JP5698994B2 - Drill break detection program - Google Patents

Description

  The present invention relates to a drill breakage detection program suitable for drilling a printed circuit board using a drill.

  In the method of detecting drill breakage during drilling in a printed circuit board drilling machine, the amount of chips discharged during machining is determined by a detector to determine whether the drill is broken (see, for example, Patent Document 1). ) However, after drill breakage, the drilling operation for several holes ends. Therefore, it is necessary for the operator to visually determine the restart position when processing is continued again after replacing the drill with a new one. Further, in a state where the cutting edge is partially broken, such as chipping, chip breakage is discharged, so that it is not possible to determine drill breakage. For this reason, when processing several substrates, a situation occurs in which no hole is formed in the lowermost substrate.

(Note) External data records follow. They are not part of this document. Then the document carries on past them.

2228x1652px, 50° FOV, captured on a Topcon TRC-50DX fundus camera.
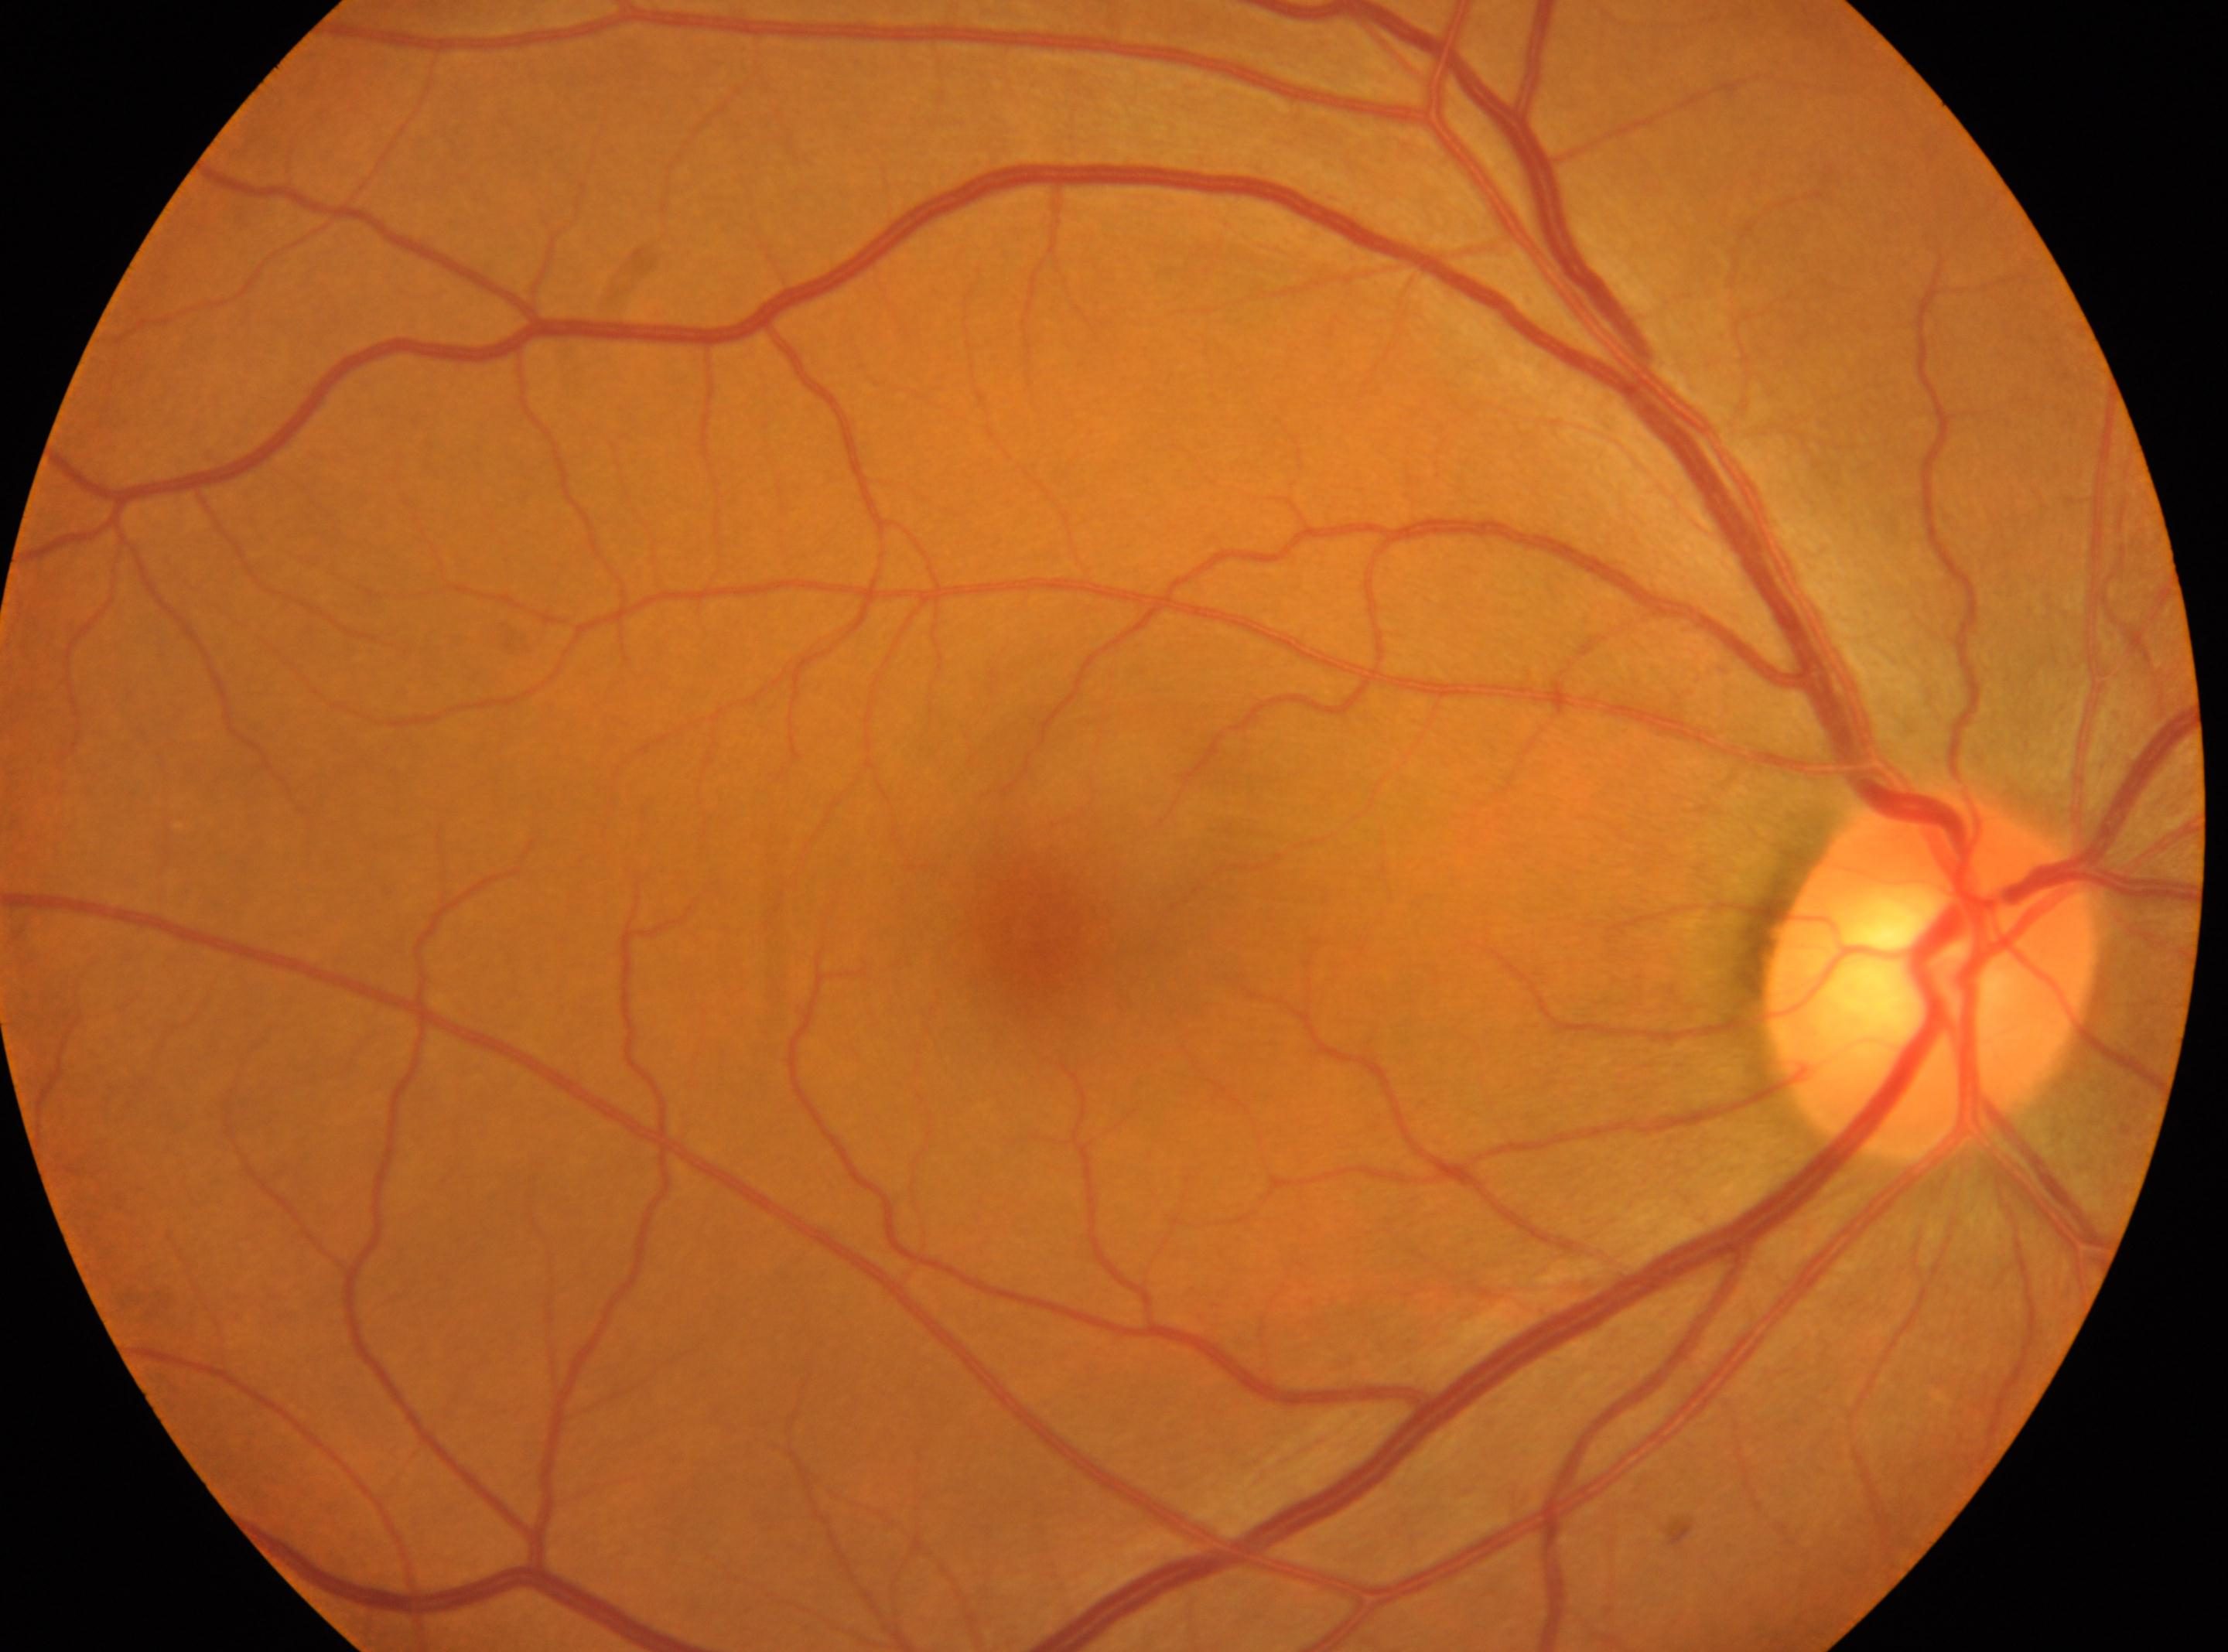
laterality: right; fovea centralis: (x: 1037, y: 923); DR stage: grade 0 (no apparent retinopathy); optic disc: (x: 1931, y: 978); DR impression: No diabetic retinal disease findings.
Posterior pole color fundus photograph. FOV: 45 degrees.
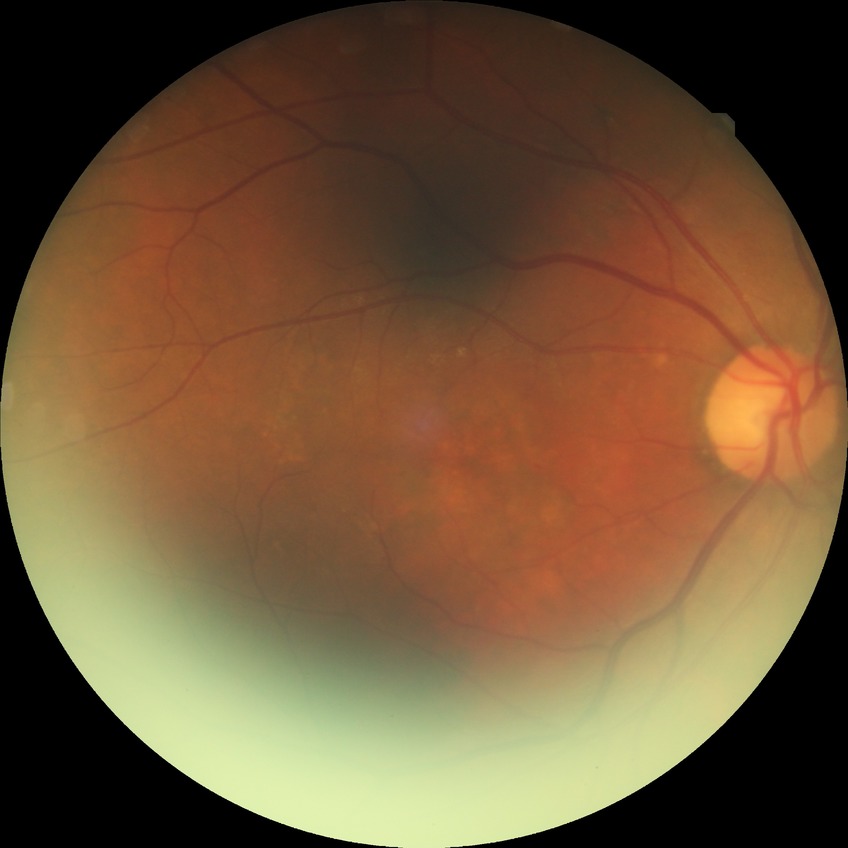 Retinopathy grade is no diabetic retinopathy.

  As a method for solving these problems, the axial voltage generated in the spindle rotor shaft is detected through a printed circuit board that is in contact with the drill (at least the uppermost layer has a conductor layer). There is a proposal for a method of accurately drilling a hole with a bottom (blind hole) by recognizing the Z-axis coordinates and cutting a specified amount from that position. It is disclosed that it is determined in advance that the drill is broken when the shaft voltage cannot be detected within a predetermined time after the holder is lowered after the holder is lowered (patent). Reference 2).

JP 59-134635 A JP 2001-341052 A Paragraph 0030

  In the method disclosed in Patent Document 2, it cannot be detected when breakage occurs after the drill enters the printed circuit board, and the detection of the contact signal between the drill and the printed circuit board is affected by noise or the printed circuit board. It is also difficult to detect chipping in which only the tip portion of the blade is partially lost due to variations due to thickness variations and the flatness of the table.

  The present application is to solve such a problem and to provide a drill breakage detection program capable of detecting a partial breakage such as chipping with high accuracy.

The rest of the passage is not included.